A few days ago I was surfing in my own blog, reading some old entries. Following some of the links on those entries, I found that a good deal of the links in them didn’t exist anymore. Some of them returned 404 errors, others just redirected to the main page of the site under which they were previously hosted or returned server errors.
Curious to see what was the proportion of dead links linked from my blog, I cooked a small Python program to check the issue. The program was simple: it collected all URLs found on the files present in my blog (a local copy, of course), and sent requests to the servers, asking for the status of those pages through HEAD requests (it also tried to do a GET request if the HEAD request was not allowed).
After running the program, and printing some statistics, I found that I had linked roughly 1200 URLs in the two versions of my blog (Portuguese and English). A few URLs came from comments, but I included them in the statistics as well to save the trouble of separating them from my own links. Also, some URLs were incorrectly parsed given the relative difficult of properly identifying URLs in raw text.
The results were not much a surprise, considering the impression I had surfing around in the blog. From the 1200 requests, 45 returned a 404 error. That represents 3.75% of the links, which is just a small part of the links. Considering the Web’s mobility, that is not bad. However, 48 other requests, which add up to more 4% of the links, returned various other error codes. Together, they represent a good part of the links.

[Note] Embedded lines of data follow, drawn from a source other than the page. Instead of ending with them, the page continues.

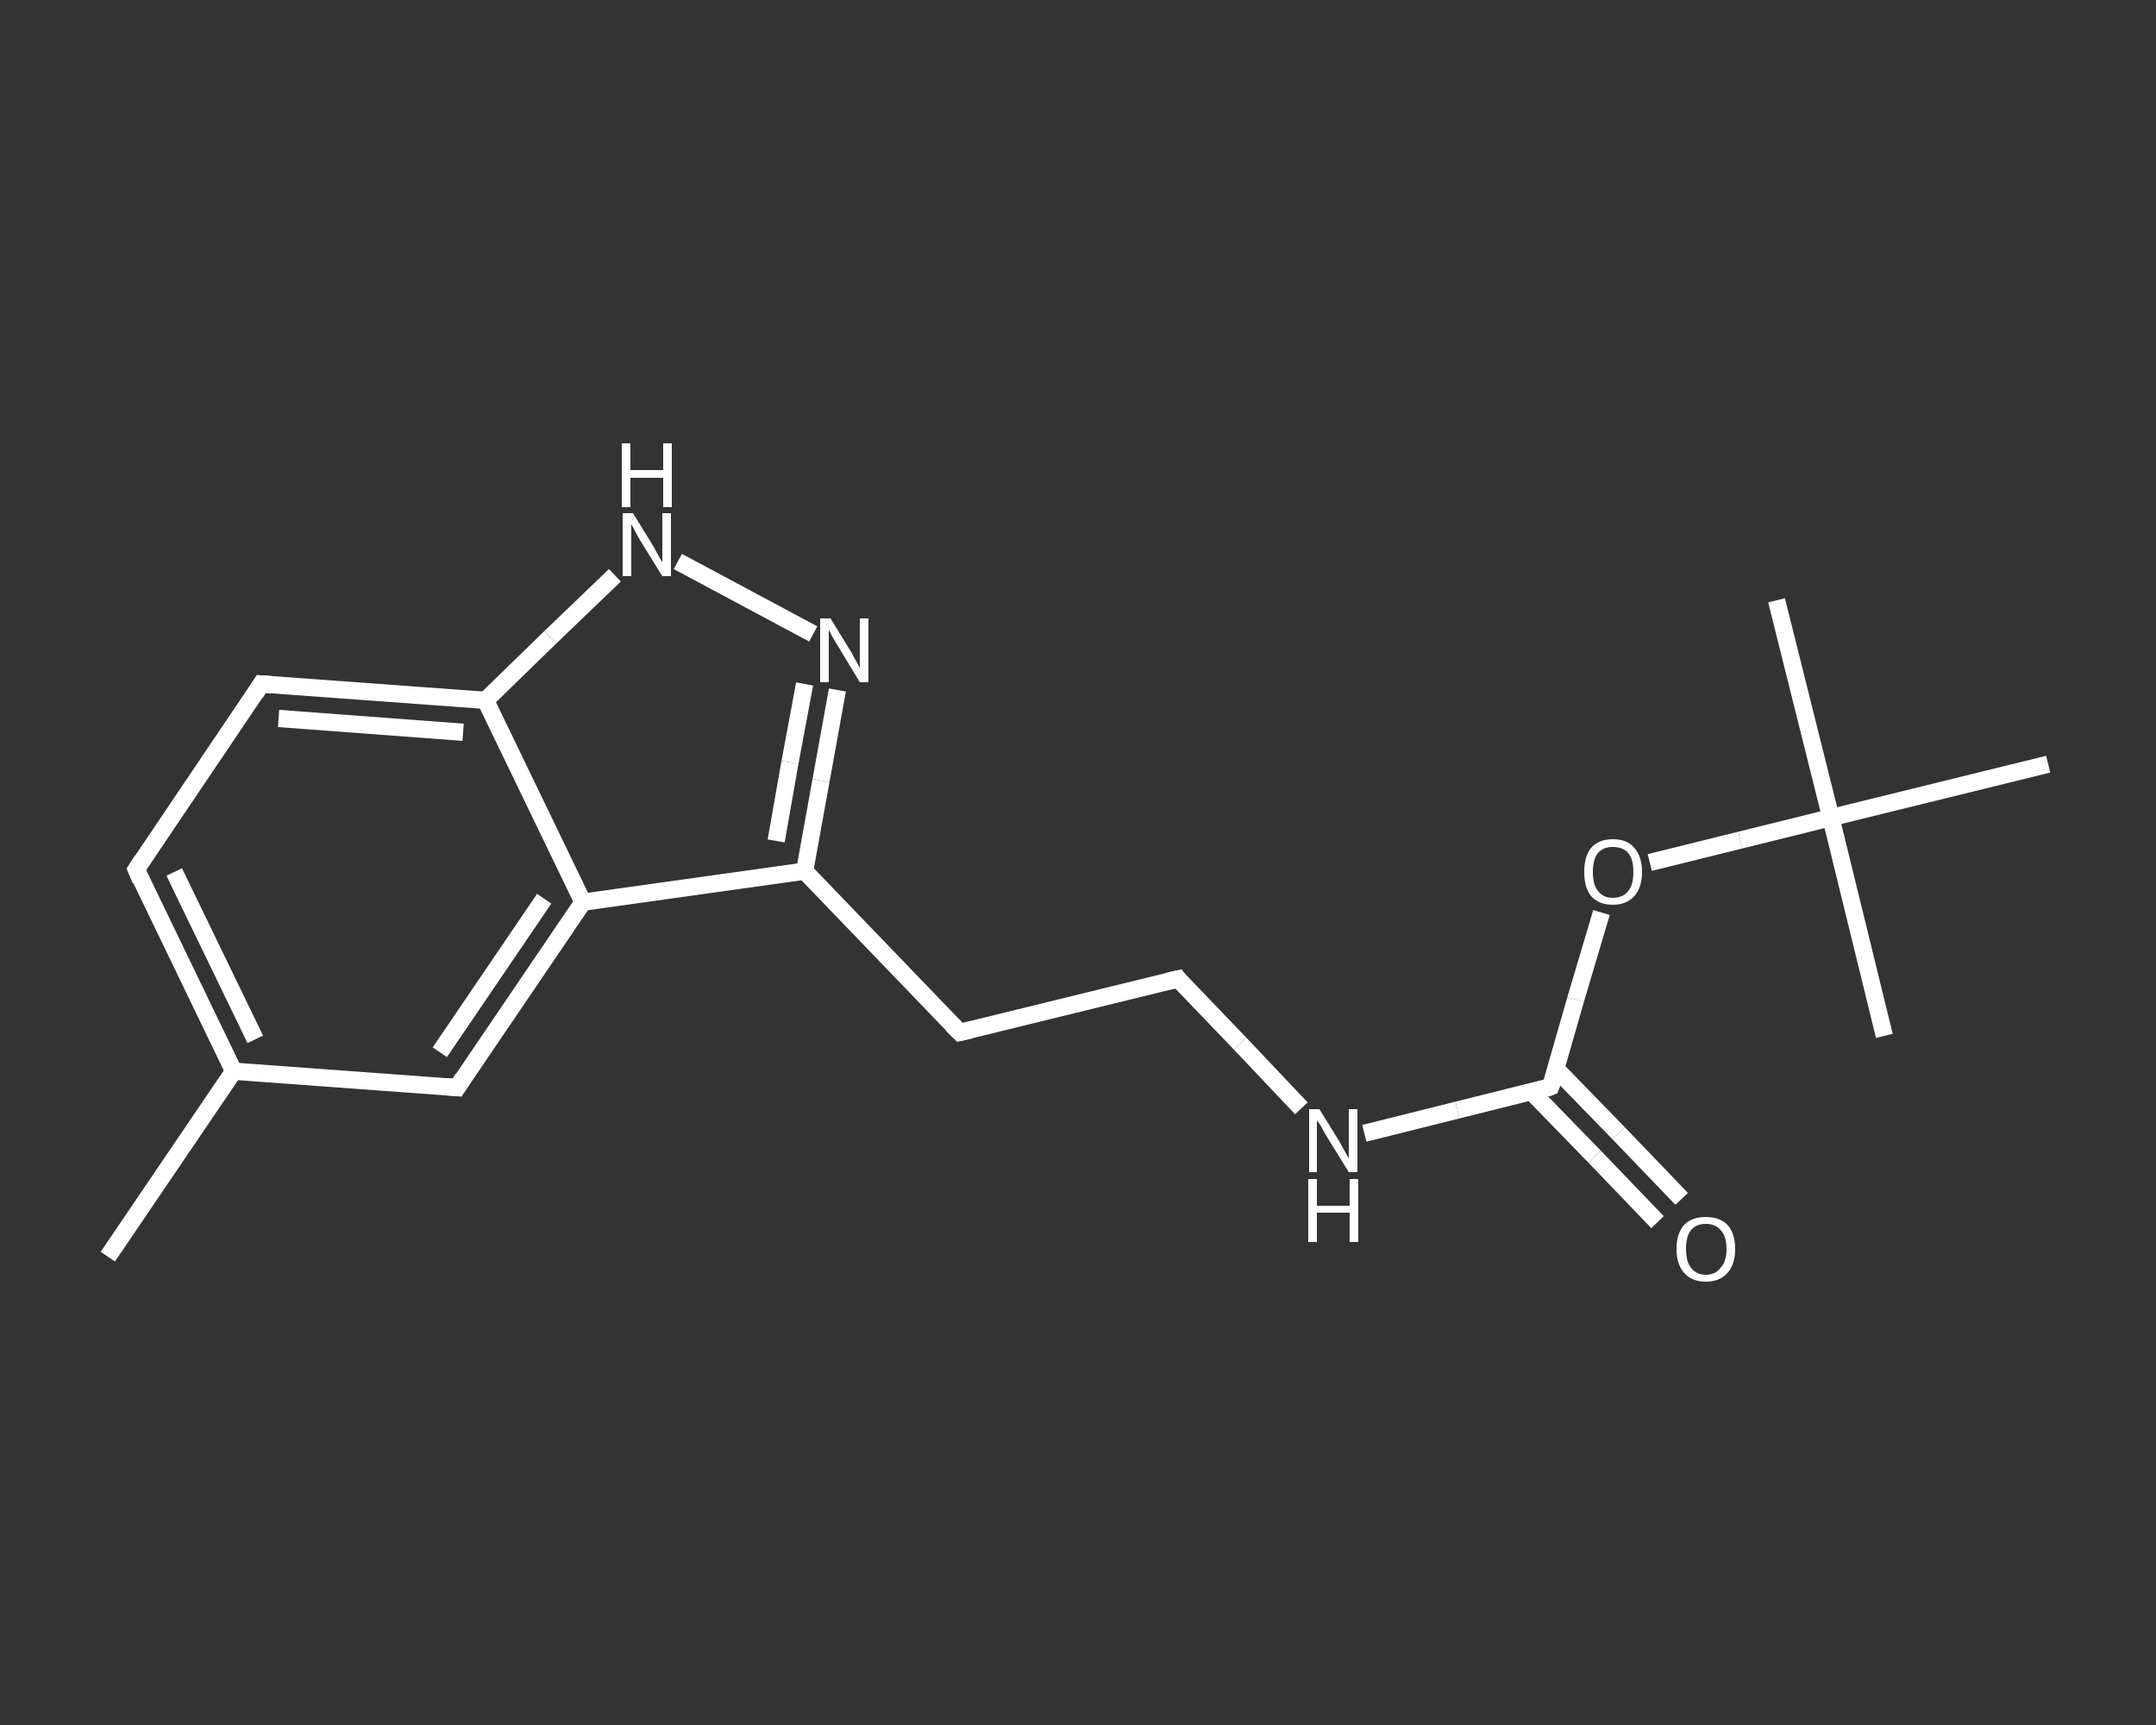 <?xml version='1.0' encoding='iso-8859-1'?>
<svg version='1.1' baseProfile='full'
              xmlns='http://www.w3.org/2000/svg'
                      xmlns:rdkit='http://www.rdkit.org/xml'
                      xmlns:xlink='http://www.w3.org/1999/xlink'
                  xml:space='preserve'
width='250px' height='200px' viewBox='0 0 250 200'>
<rect x="0" y="0" width="250" height="200" fill="#333333" stroke="none"/>
<!-- END OF HEADER -->
<rect style='opacity:1.0;fill:transparent;stroke:none' width='250.0' height='200.0' x='0.0' y='0.0'> </rect>
<path class='bond-0 atom-0 atom-1' d='M 12.5,145.7 L 27.1,124.2' style='fill:none;fill-rule:evenodd;stroke:#FFFFFF;stroke-width:2.0px;stroke-linecap:butt;stroke-linejoin:miter;stroke-opacity:1' />
<path class='bond-1 atom-1 atom-2' d='M 27.1,124.2 L 15.8,100.8' style='fill:none;fill-rule:evenodd;stroke:#FFFFFF;stroke-width:2.0px;stroke-linecap:butt;stroke-linejoin:miter;stroke-opacity:1' />
<path class='bond-1 atom-1 atom-2' d='M 29.6,120.5 L 20.2,101.1' style='fill:none;fill-rule:evenodd;stroke:#FFFFFF;stroke-width:2.0px;stroke-linecap:butt;stroke-linejoin:miter;stroke-opacity:1' />
<path class='bond-2 atom-2 atom-3' d='M 15.8,100.8 L 30.3,79.3' style='fill:none;fill-rule:evenodd;stroke:#FFFFFF;stroke-width:2.0px;stroke-linecap:butt;stroke-linejoin:miter;stroke-opacity:1' />
<path class='bond-3 atom-3 atom-4' d='M 30.3,79.3 L 56.3,81.2' style='fill:none;fill-rule:evenodd;stroke:#FFFFFF;stroke-width:2.0px;stroke-linecap:butt;stroke-linejoin:miter;stroke-opacity:1' />
<path class='bond-3 atom-3 atom-4' d='M 32.3,83.3 L 53.7,84.9' style='fill:none;fill-rule:evenodd;stroke:#FFFFFF;stroke-width:2.0px;stroke-linecap:butt;stroke-linejoin:miter;stroke-opacity:1' />
<path class='bond-4 atom-4 atom-5' d='M 56.3,81.2 L 63.8,73.9' style='fill:none;fill-rule:evenodd;stroke:#FFFFFF;stroke-width:2.0px;stroke-linecap:butt;stroke-linejoin:miter;stroke-opacity:1' />
<path class='bond-4 atom-4 atom-5' d='M 63.8,73.9 L 71.3,66.7' style='fill:none;fill-rule:evenodd;stroke:#FFFFFF;stroke-width:2.0px;stroke-linecap:butt;stroke-linejoin:miter;stroke-opacity:1' />
<path class='bond-5 atom-5 atom-6' d='M 78.6,65.1 L 94.3,73.5' style='fill:none;fill-rule:evenodd;stroke:#FFFFFF;stroke-width:2.0px;stroke-linecap:butt;stroke-linejoin:miter;stroke-opacity:1' />
<path class='bond-6 atom-6 atom-7' d='M 97.1,80.0 L 95.2,90.5' style='fill:none;fill-rule:evenodd;stroke:#FFFFFF;stroke-width:2.0px;stroke-linecap:butt;stroke-linejoin:miter;stroke-opacity:1' />
<path class='bond-6 atom-6 atom-7' d='M 95.2,90.5 L 93.3,101.0' style='fill:none;fill-rule:evenodd;stroke:#FFFFFF;stroke-width:2.0px;stroke-linecap:butt;stroke-linejoin:miter;stroke-opacity:1' />
<path class='bond-6 atom-6 atom-7' d='M 93.3,79.3 L 91.6,88.4' style='fill:none;fill-rule:evenodd;stroke:#FFFFFF;stroke-width:2.0px;stroke-linecap:butt;stroke-linejoin:miter;stroke-opacity:1' />
<path class='bond-6 atom-6 atom-7' d='M 91.6,88.4 L 90.0,97.5' style='fill:none;fill-rule:evenodd;stroke:#FFFFFF;stroke-width:2.0px;stroke-linecap:butt;stroke-linejoin:miter;stroke-opacity:1' />
<path class='bond-7 atom-7 atom-8' d='M 93.3,101.0 L 111.3,119.7' style='fill:none;fill-rule:evenodd;stroke:#FFFFFF;stroke-width:2.0px;stroke-linecap:butt;stroke-linejoin:miter;stroke-opacity:1' />
<path class='bond-8 atom-8 atom-9' d='M 111.3,119.7 L 136.6,113.5' style='fill:none;fill-rule:evenodd;stroke:#FFFFFF;stroke-width:2.0px;stroke-linecap:butt;stroke-linejoin:miter;stroke-opacity:1' />
<path class='bond-9 atom-9 atom-10' d='M 136.6,113.5 L 143.8,121.0' style='fill:none;fill-rule:evenodd;stroke:#FFFFFF;stroke-width:2.0px;stroke-linecap:butt;stroke-linejoin:miter;stroke-opacity:1' />
<path class='bond-9 atom-9 atom-10' d='M 143.8,121.0 L 150.9,128.5' style='fill:none;fill-rule:evenodd;stroke:#FFFFFF;stroke-width:2.0px;stroke-linecap:butt;stroke-linejoin:miter;stroke-opacity:1' />
<path class='bond-10 atom-10 atom-11' d='M 158.2,131.4 L 169.0,128.7' style='fill:none;fill-rule:evenodd;stroke:#FFFFFF;stroke-width:2.0px;stroke-linecap:butt;stroke-linejoin:miter;stroke-opacity:1' />
<path class='bond-10 atom-10 atom-11' d='M 169.0,128.7 L 179.8,126.0' style='fill:none;fill-rule:evenodd;stroke:#FFFFFF;stroke-width:2.0px;stroke-linecap:butt;stroke-linejoin:miter;stroke-opacity:1' />
<path class='bond-11 atom-11 atom-12' d='M 177.6,126.6 L 184.9,134.1' style='fill:none;fill-rule:evenodd;stroke:#FFFFFF;stroke-width:2.0px;stroke-linecap:butt;stroke-linejoin:miter;stroke-opacity:1' />
<path class='bond-11 atom-11 atom-12' d='M 184.9,134.1 L 192.2,141.7' style='fill:none;fill-rule:evenodd;stroke:#FFFFFF;stroke-width:2.0px;stroke-linecap:butt;stroke-linejoin:miter;stroke-opacity:1' />
<path class='bond-11 atom-11 atom-12' d='M 180.4,123.9 L 187.7,131.4' style='fill:none;fill-rule:evenodd;stroke:#FFFFFF;stroke-width:2.0px;stroke-linecap:butt;stroke-linejoin:miter;stroke-opacity:1' />
<path class='bond-11 atom-11 atom-12' d='M 187.7,131.4 L 195.0,139.0' style='fill:none;fill-rule:evenodd;stroke:#FFFFFF;stroke-width:2.0px;stroke-linecap:butt;stroke-linejoin:miter;stroke-opacity:1' />
<path class='bond-12 atom-11 atom-13' d='M 179.8,126.0 L 182.7,115.9' style='fill:none;fill-rule:evenodd;stroke:#FFFFFF;stroke-width:2.0px;stroke-linecap:butt;stroke-linejoin:miter;stroke-opacity:1' />
<path class='bond-12 atom-11 atom-13' d='M 182.7,115.9 L 185.7,105.8' style='fill:none;fill-rule:evenodd;stroke:#FFFFFF;stroke-width:2.0px;stroke-linecap:butt;stroke-linejoin:miter;stroke-opacity:1' />
<path class='bond-13 atom-13 atom-14' d='M 191.3,100.0 L 201.8,97.4' style='fill:none;fill-rule:evenodd;stroke:#FFFFFF;stroke-width:2.0px;stroke-linecap:butt;stroke-linejoin:miter;stroke-opacity:1' />
<path class='bond-13 atom-13 atom-14' d='M 201.8,97.4 L 212.3,94.8' style='fill:none;fill-rule:evenodd;stroke:#FFFFFF;stroke-width:2.0px;stroke-linecap:butt;stroke-linejoin:miter;stroke-opacity:1' />
<path class='bond-14 atom-14 atom-15' d='M 212.3,94.8 L 206.0,69.6' style='fill:none;fill-rule:evenodd;stroke:#FFFFFF;stroke-width:2.0px;stroke-linecap:butt;stroke-linejoin:miter;stroke-opacity:1' />
<path class='bond-15 atom-14 atom-16' d='M 212.3,94.8 L 218.5,120.1' style='fill:none;fill-rule:evenodd;stroke:#FFFFFF;stroke-width:2.0px;stroke-linecap:butt;stroke-linejoin:miter;stroke-opacity:1' />
<path class='bond-16 atom-14 atom-17' d='M 212.3,94.8 L 237.5,88.6' style='fill:none;fill-rule:evenodd;stroke:#FFFFFF;stroke-width:2.0px;stroke-linecap:butt;stroke-linejoin:miter;stroke-opacity:1' />
<path class='bond-17 atom-7 atom-18' d='M 93.3,101.0 L 67.6,104.6' style='fill:none;fill-rule:evenodd;stroke:#FFFFFF;stroke-width:2.0px;stroke-linecap:butt;stroke-linejoin:miter;stroke-opacity:1' />
<path class='bond-18 atom-18 atom-19' d='M 67.6,104.6 L 53.0,126.1' style='fill:none;fill-rule:evenodd;stroke:#FFFFFF;stroke-width:2.0px;stroke-linecap:butt;stroke-linejoin:miter;stroke-opacity:1' />
<path class='bond-18 atom-18 atom-19' d='M 63.1,104.2 L 51.0,122.0' style='fill:none;fill-rule:evenodd;stroke:#FFFFFF;stroke-width:2.0px;stroke-linecap:butt;stroke-linejoin:miter;stroke-opacity:1' />
<path class='bond-19 atom-19 atom-1' d='M 53.0,126.1 L 27.1,124.2' style='fill:none;fill-rule:evenodd;stroke:#FFFFFF;stroke-width:2.0px;stroke-linecap:butt;stroke-linejoin:miter;stroke-opacity:1' />
<path class='bond-20 atom-18 atom-4' d='M 67.6,104.6 L 56.3,81.2' style='fill:none;fill-rule:evenodd;stroke:#FFFFFF;stroke-width:2.0px;stroke-linecap:butt;stroke-linejoin:miter;stroke-opacity:1' />
<path d='M 16.3,102.0 L 15.8,100.8 L 16.5,99.7' style='fill:none;stroke:#FFFFFF;stroke-width:2.0px;stroke-linecap:butt;stroke-linejoin:miter;stroke-opacity:1;' />
<path d='M 29.6,80.4 L 30.3,79.3 L 31.6,79.4' style='fill:none;stroke:#FFFFFF;stroke-width:2.0px;stroke-linecap:butt;stroke-linejoin:miter;stroke-opacity:1;' />
<path d='M 110.4,118.8 L 111.3,119.7 L 112.6,119.4' style='fill:none;stroke:#FFFFFF;stroke-width:2.0px;stroke-linecap:butt;stroke-linejoin:miter;stroke-opacity:1;' />
<path d='M 135.3,113.8 L 136.6,113.5 L 136.9,113.9' style='fill:none;stroke:#FFFFFF;stroke-width:2.0px;stroke-linecap:butt;stroke-linejoin:miter;stroke-opacity:1;' />
<path d='M 179.3,126.2 L 179.8,126.0 L 180.0,125.5' style='fill:none;stroke:#FFFFFF;stroke-width:2.0px;stroke-linecap:butt;stroke-linejoin:miter;stroke-opacity:1;' />
<path d='M 53.7,125.0 L 53.0,126.1 L 51.7,126.0' style='fill:none;stroke:#FFFFFF;stroke-width:2.0px;stroke-linecap:butt;stroke-linejoin:miter;stroke-opacity:1;' />
<path class='atom-5' d='M 73.4 59.5
L 75.8 63.4
Q 76.0 63.8, 76.4 64.5
Q 76.8 65.2, 76.8 65.2
L 76.8 59.5
L 77.8 59.5
L 77.8 66.8
L 76.8 66.8
L 74.2 62.6
Q 73.9 62.1, 73.6 61.5
Q 73.3 60.9, 73.2 60.8
L 73.2 66.8
L 72.2 66.8
L 72.2 59.5
L 73.4 59.5
' fill='#FFFFFF'/>
<path class='atom-5' d='M 72.1 51.4
L 73.1 51.4
L 73.1 54.5
L 76.9 54.5
L 76.9 51.4
L 77.9 51.4
L 77.9 58.8
L 76.9 58.8
L 76.9 55.4
L 73.1 55.4
L 73.1 58.8
L 72.1 58.8
L 72.1 51.4
' fill='#FFFFFF'/>
<path class='atom-6' d='M 96.3 71.7
L 98.7 75.6
Q 98.9 76.0, 99.3 76.7
Q 99.7 77.4, 99.7 77.5
L 99.7 71.7
L 100.7 71.7
L 100.7 79.1
L 99.7 79.1
L 97.1 74.8
Q 96.8 74.3, 96.5 73.8
Q 96.2 73.2, 96.1 73.0
L 96.1 79.1
L 95.1 79.1
L 95.1 71.7
L 96.3 71.7
' fill='#FFFFFF'/>
<path class='atom-10' d='M 153.0 128.6
L 155.4 132.5
Q 155.6 132.9, 156.0 133.6
Q 156.4 134.3, 156.4 134.3
L 156.4 128.6
L 157.4 128.6
L 157.4 135.9
L 156.4 135.9
L 153.8 131.7
Q 153.5 131.2, 153.2 130.6
Q 152.8 130.0, 152.7 129.9
L 152.7 135.9
L 151.8 135.9
L 151.8 128.6
L 153.0 128.6
' fill='#FFFFFF'/>
<path class='atom-10' d='M 151.7 136.7
L 152.7 136.7
L 152.7 139.8
L 156.5 139.8
L 156.5 136.7
L 157.5 136.7
L 157.5 144.0
L 156.5 144.0
L 156.5 140.6
L 152.7 140.6
L 152.7 144.0
L 151.7 144.0
L 151.7 136.7
' fill='#FFFFFF'/>
<path class='atom-12' d='M 194.4 144.8
Q 194.4 143.0, 195.3 142.0
Q 196.2 141.1, 197.8 141.1
Q 199.4 141.1, 200.3 142.0
Q 201.2 143.0, 201.2 144.8
Q 201.2 146.6, 200.3 147.6
Q 199.4 148.6, 197.8 148.6
Q 196.2 148.6, 195.3 147.6
Q 194.4 146.6, 194.4 144.8
M 197.8 147.8
Q 198.9 147.8, 199.5 147.0
Q 200.2 146.3, 200.2 144.8
Q 200.2 143.3, 199.5 142.6
Q 198.9 141.9, 197.8 141.9
Q 196.7 141.9, 196.1 142.6
Q 195.5 143.3, 195.5 144.8
Q 195.5 146.3, 196.1 147.0
Q 196.7 147.8, 197.8 147.8
' fill='#FFFFFF'/>
<path class='atom-13' d='M 183.7 101.1
Q 183.7 99.3, 184.5 98.3
Q 185.4 97.3, 187.0 97.3
Q 188.7 97.3, 189.5 98.3
Q 190.4 99.3, 190.4 101.1
Q 190.4 102.9, 189.5 103.9
Q 188.6 104.9, 187.0 104.9
Q 185.4 104.9, 184.5 103.9
Q 183.7 102.9, 183.7 101.1
M 187.0 104.1
Q 188.2 104.1, 188.8 103.3
Q 189.4 102.6, 189.4 101.1
Q 189.4 99.6, 188.8 98.9
Q 188.2 98.2, 187.0 98.2
Q 185.9 98.2, 185.3 98.9
Q 184.7 99.6, 184.7 101.1
Q 184.7 102.6, 185.3 103.3
Q 185.9 104.1, 187.0 104.1
' fill='#FFFFFF'/>
</svg>

Checking the results, I also found out that some sites are serving customized 404 error pages that return incorrect HTTP status codes. Some even return a 200 status code when they are just a warning that the page doesn’t exist anymore. The main culprits are online newspapers and magazines.
The full (and completely unscientific) results were:
- 43 unreachable domains (3.58%)
- Some of those errors are likely temporary conditions, although I checked some and they are really expired domains (sites of political candidates, for instance).
- 1064 successful requests (88.67%)
- Pages that were correctly served, and some that had been moved to elsewhere. Some of those results, as mentioned before, are incorrect, which increases the number of errors.
- 93 unsuccessful requests (7.75%)
- Those include pages not found in the servers anymore, server errors, and pages that are protected now.
Considering the period in which the links were posted (one year and two months), something like 10% of the pages I linked to in my blog are now returning errors, or inaccessible. Of every ten links in my blog, one is going to results in an error. I think that’s too much. Obviously, it’s not reasonable to expect that everybody will preserve the URL spaces they created. Sometimes that’s not possible — or even desirable. On the other hand, sites that could be taking a lot more of care with their data are simply allowing their links to get broken. Quotes are made with the expectation that they will point to permanent resources, and the resources will simply disappear after some time.
Anyway, it was an interesting experiment. As there is no way to prevent the problem, there are no measure to be taken. The only thing that remains is the feeling that all the links in this site are slowly being absorbed by a great black hole in the center of the Web.